To those who say that the political, economic, and social pathologies that we are currently witnessing also happened during the previous regime, it is important to remind them that it was on the basis of the performance of President Jonathan’s government that Nigerians voted Buhari into power. President Buhari took an oath on May 29, 2015 to protect the lives and property of Nigerians. If the same maladies that happened under Jonathan, some of which he inherited from his predecessors, have not only continued to happen under Buhari, but seem to have been elevated to the supreme level of statecraft, no one should exonerate the president. It is a clear sign that he too has failed.

As things currently stand, the sensibilities of Nigerians have been numbed by the daily carnage flashing our TV screens. Apart from the indignity of being killed helplessly, more painful is that fact that we now count our dead in lump numbers than in the record of their names. Yet, in the midst of all these President Buhari has often chosen the path of stoic silence. When he chooses to speak, everything he says is not what you’d expect from the father and leader of a nation. Not only has Buhari failed to call the killers to order, his actions and inactions seem to send the signal to the slaughterers that they can go on lawlessly and systematically amusing themselves with innocent blood. If this is wrong, how come Buhari’s cold, slow and tardy handling of the brutal massacres by herdsmen is not the same with his swift reaction to other less serious security threats like IPOB and Niger Delta Avengers?

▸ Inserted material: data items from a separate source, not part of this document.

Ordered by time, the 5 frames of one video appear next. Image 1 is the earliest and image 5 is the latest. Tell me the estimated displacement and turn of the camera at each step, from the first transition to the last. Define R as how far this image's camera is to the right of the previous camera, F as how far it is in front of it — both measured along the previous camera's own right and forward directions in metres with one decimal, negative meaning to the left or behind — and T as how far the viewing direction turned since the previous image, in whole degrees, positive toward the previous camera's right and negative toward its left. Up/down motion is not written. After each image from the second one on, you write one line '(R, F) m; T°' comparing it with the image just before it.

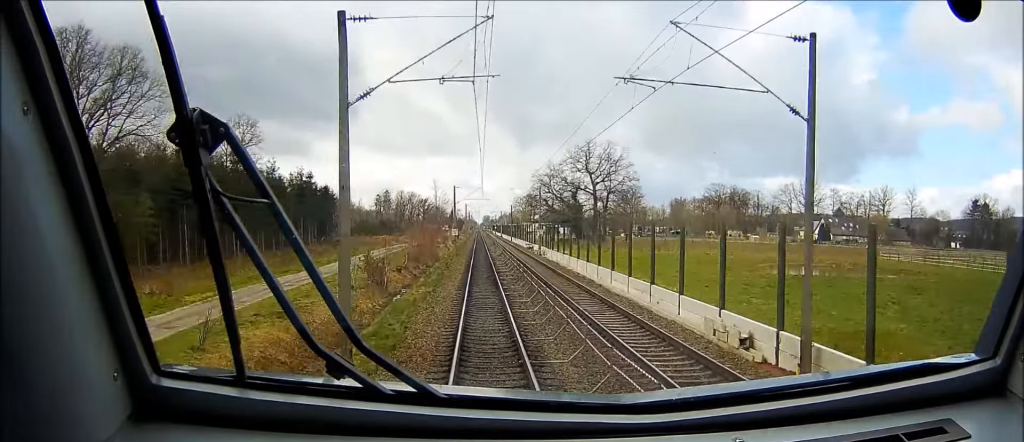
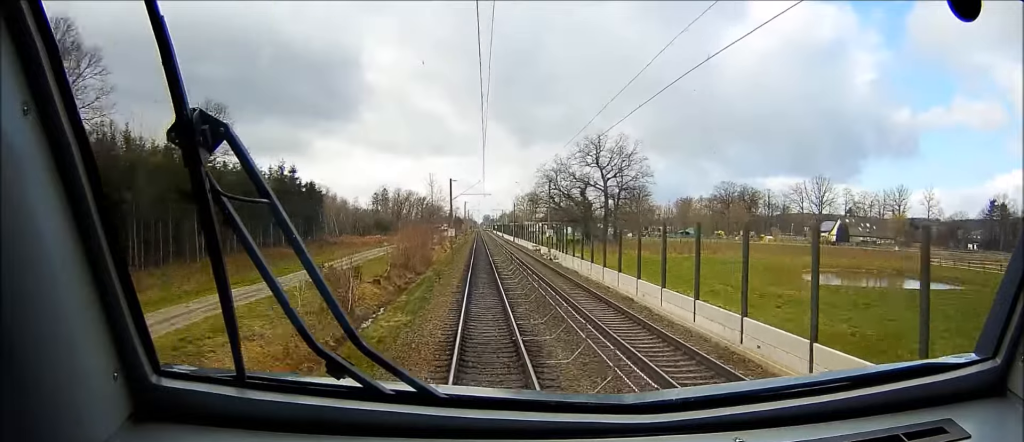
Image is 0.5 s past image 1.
(0.0, +13.2) m; 0°
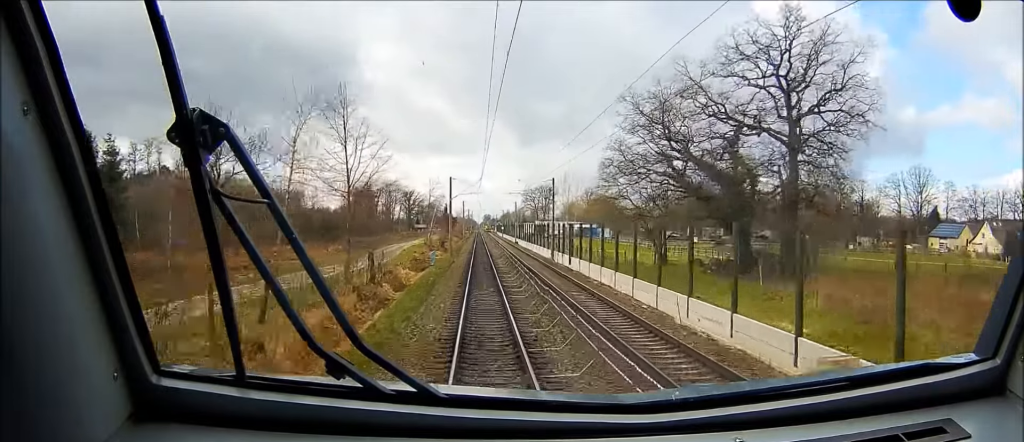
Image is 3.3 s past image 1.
(-0.4, +81.2) m; +1°
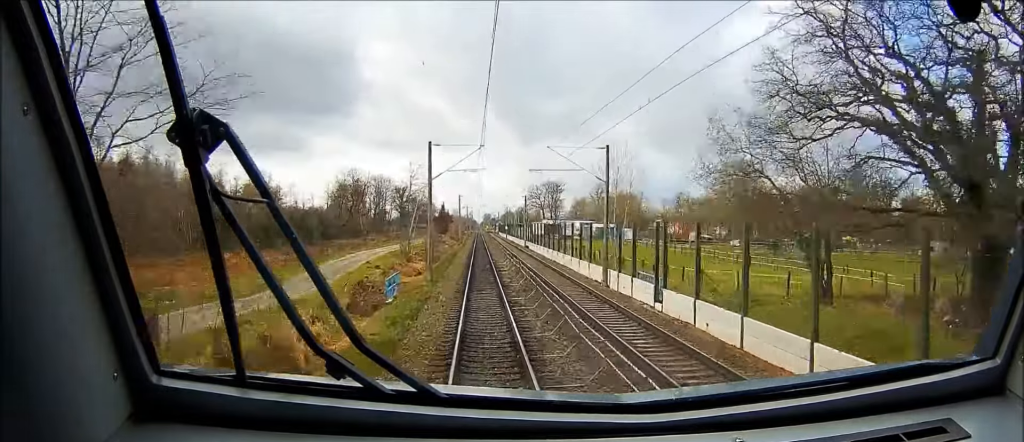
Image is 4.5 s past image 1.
(+0.5, +32.0) m; 0°
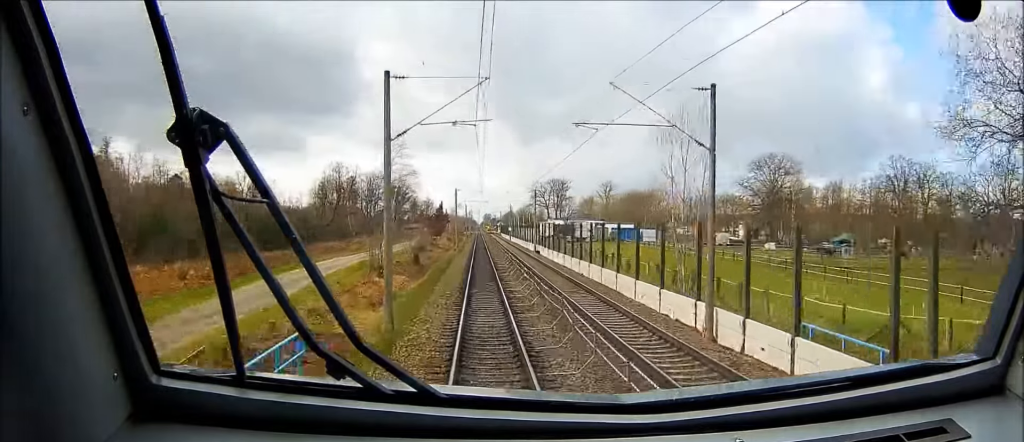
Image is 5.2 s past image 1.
(-0.2, +19.7) m; 0°

With a feudalistic and bigoted governance mentality still set in 1983, Buhari has come full circle with his tragic leadership aptitude, and would go down in history as one of the most uncompassionate ruler to bestride Nigeria’s political firmament. He has shown again and again that he lacks the political reflex needed of the leader of a huge multi-religious and multi-ethnic country in the 21st century. He has carried on with his derisive style of leadership totally impervious to the cries of those he is expected to govern.

Since becoming President, Buhari has refused to visit Nigeria’s many trouble spots. He has spent more time travelling and visiting other countries than he has visited the states of his own country. When tragedies happen, state governors come to the Presidential Villa to brief the president, when he should ordinarily go to visit the bereaved and commiserate with them. A man who exemplifies and incarnates this insensitive attitude is simply not fit to be called a leader.

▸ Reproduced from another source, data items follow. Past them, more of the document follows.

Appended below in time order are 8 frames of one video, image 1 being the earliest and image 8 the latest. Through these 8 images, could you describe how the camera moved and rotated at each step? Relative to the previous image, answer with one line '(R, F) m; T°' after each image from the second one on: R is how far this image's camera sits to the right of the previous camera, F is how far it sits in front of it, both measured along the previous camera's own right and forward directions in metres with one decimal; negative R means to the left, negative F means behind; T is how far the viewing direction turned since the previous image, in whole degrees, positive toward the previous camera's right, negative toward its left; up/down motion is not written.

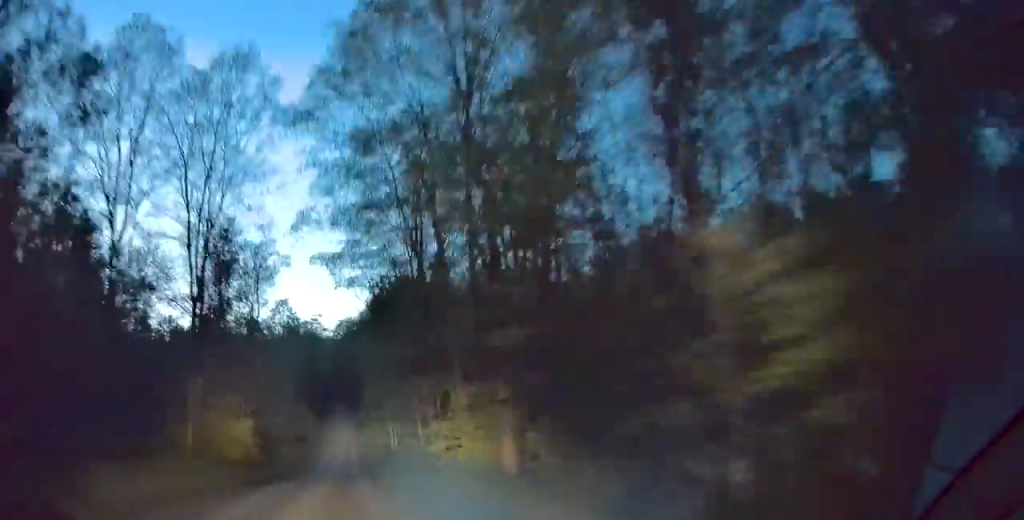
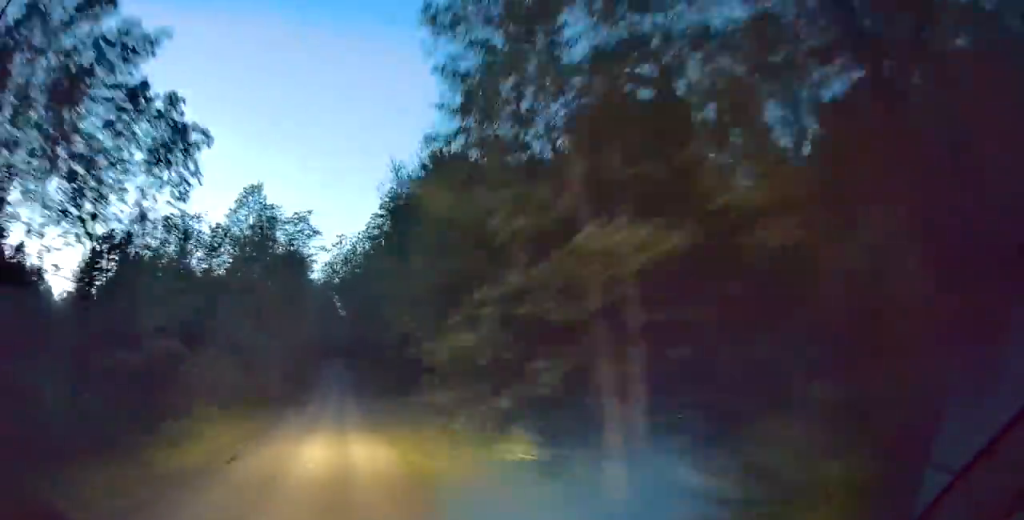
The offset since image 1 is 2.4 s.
(0.0, +35.0) m; 0°
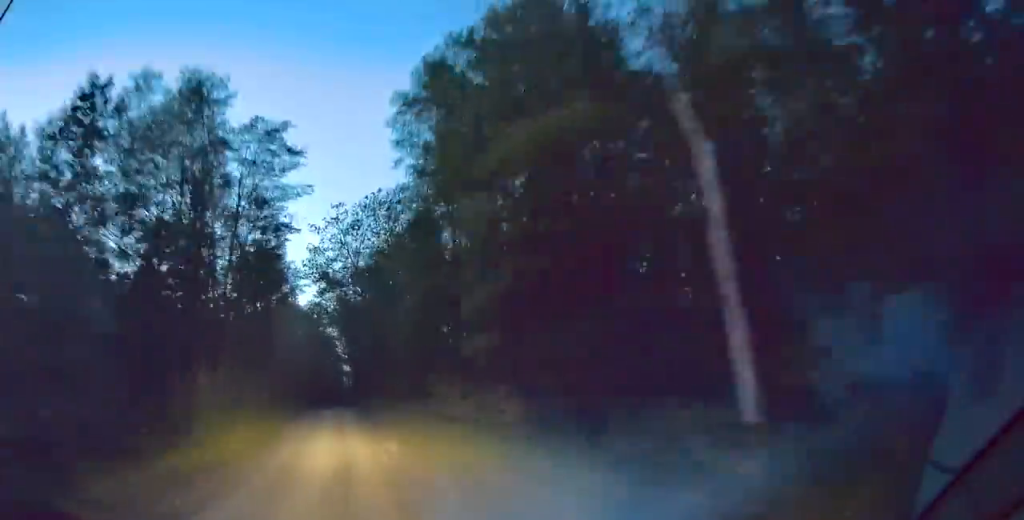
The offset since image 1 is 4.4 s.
(+0.2, +29.2) m; -1°
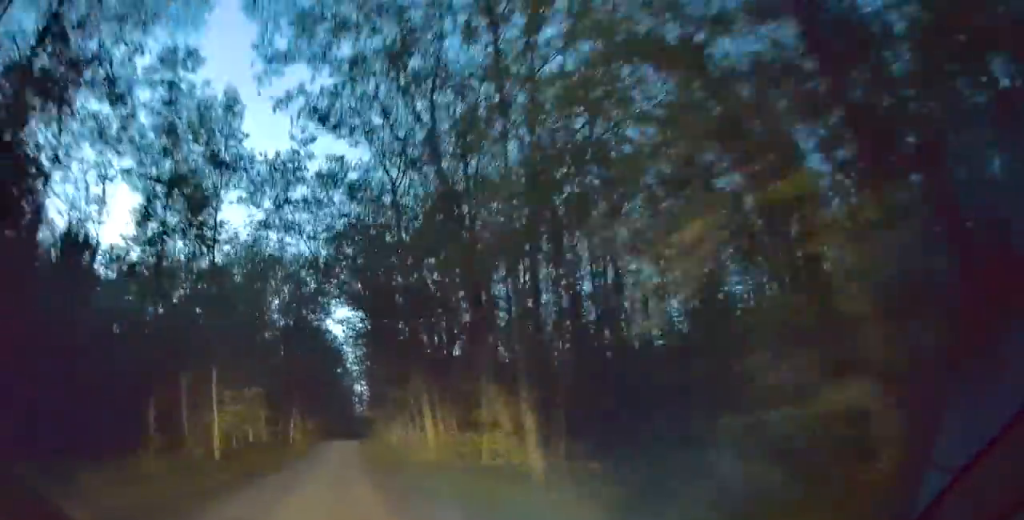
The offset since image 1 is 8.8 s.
(-0.9, +61.4) m; 0°
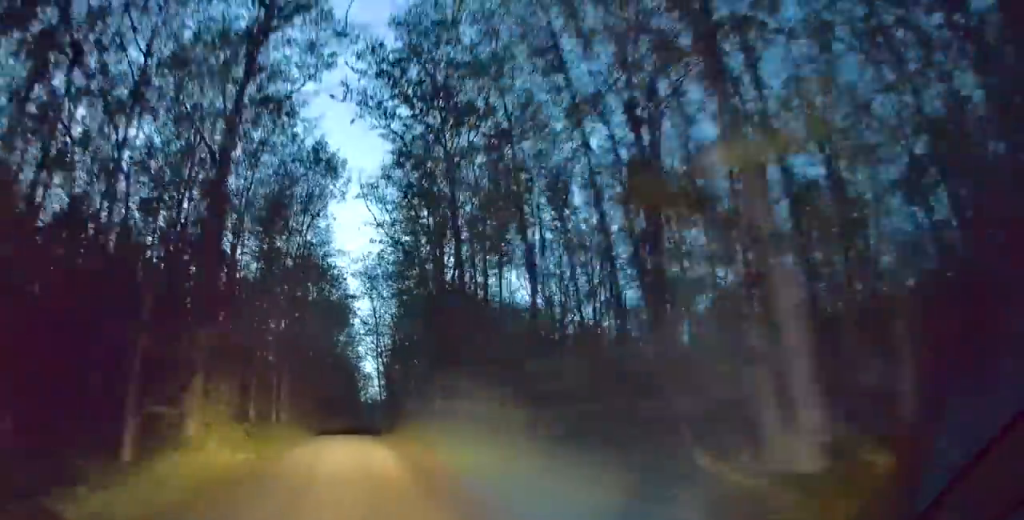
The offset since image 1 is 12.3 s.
(+0.4, +46.0) m; +2°
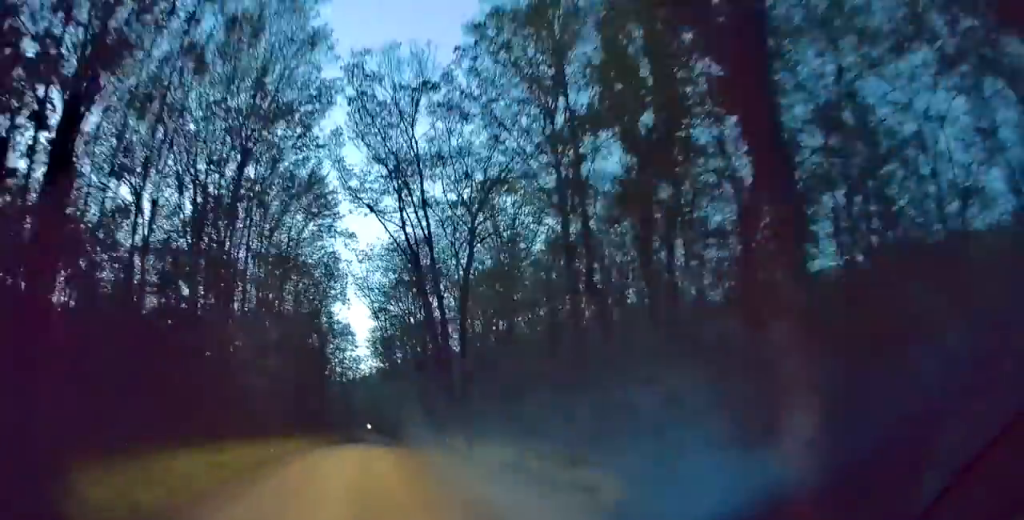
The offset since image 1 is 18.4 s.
(+3.6, +78.5) m; +4°
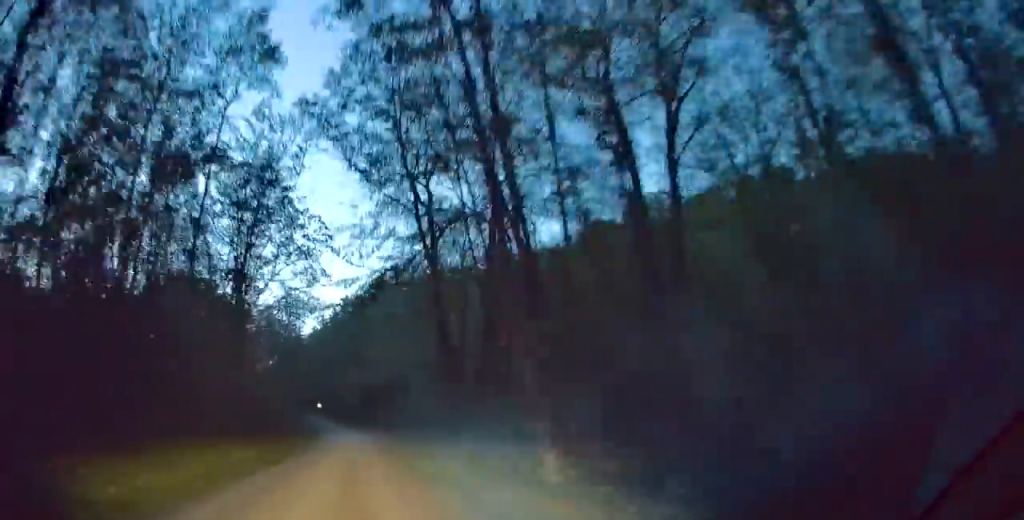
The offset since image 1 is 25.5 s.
(+2.9, +91.7) m; +2°
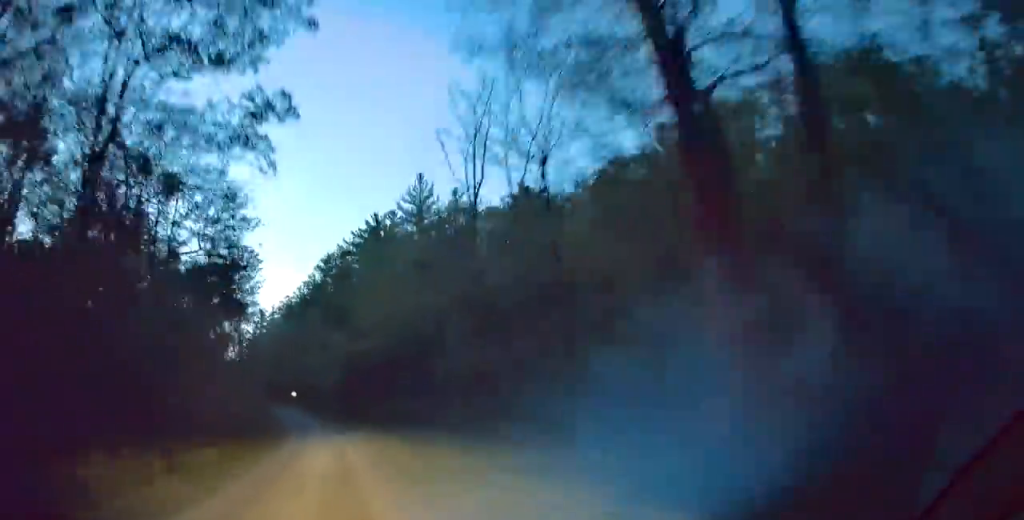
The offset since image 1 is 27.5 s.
(+0.7, +26.5) m; -1°

At a time when we thought that the spate of corruption would abate under Buhari’s watch, it is sad to say that he now presides over a monumentally corrupt agency: The Federal Government of Nigeria, with many shocking tales of graft happening right under his nose. His unusual fondness for drag and delay in the face of serious national issues that need urgent attention is not just an affliction that bedevils his leadership, but also the blight that has infected all those he has surrounded himself with.

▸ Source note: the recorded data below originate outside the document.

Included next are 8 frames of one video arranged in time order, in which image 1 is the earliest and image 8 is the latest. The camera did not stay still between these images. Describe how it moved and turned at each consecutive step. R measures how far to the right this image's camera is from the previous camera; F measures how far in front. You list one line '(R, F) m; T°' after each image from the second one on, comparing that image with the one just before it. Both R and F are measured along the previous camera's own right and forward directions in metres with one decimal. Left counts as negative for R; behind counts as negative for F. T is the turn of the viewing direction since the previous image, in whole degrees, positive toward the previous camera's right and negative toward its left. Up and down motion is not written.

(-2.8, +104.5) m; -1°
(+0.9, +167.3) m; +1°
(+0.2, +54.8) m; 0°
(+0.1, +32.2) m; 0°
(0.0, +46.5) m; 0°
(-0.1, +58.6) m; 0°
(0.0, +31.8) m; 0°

This attitude is clearly reflected in the recent laughable documentary that claims to portray Buhari’s “human” side (as though he wasn’t a human being). The fact that the president’s media team lost sight of the fact that such a documentary should show us the Buhari’s “humane” rather than his “human” side shows the monumental tragedy that has afflicted us in the aptitude of the men that make up Buhari’s inner circle: a clear lack of seminal thinking and rigour, a distaste for careful planning, and intellectual laziness. That is why board appointments would be delayed for nearly three years only to be released with names of dead people making the roll.

When Olusegun Adeniyi published his book on the 2015 presidential election, Against the Run of Play: How an Incumbent President was Defeated in Nigeria (2017), in the postscript he warned President Buhari against repeating the same mistakes of the Jonathan era. Buhari has totally ignored that advice (if he ever read the book). However, I have chosen not to resign myself to fatalism and indifference. I will continue to protest against Buhari’s determination to convert Nigeria into a global mortuary. I do this for the sake of our children, because I do not want our present to become their future. But for the man who has shown himself impervious to the lessons of Nigeria’s troubled history, let me recall this wise counsel, which was the message beneath a photograph of coffins that a friend posted on Facebook, in memory of the victims of the Benue massacre: “President Muhammadu Buhari, behold the result of your leadership. I hope it helps you sleep well tonight.”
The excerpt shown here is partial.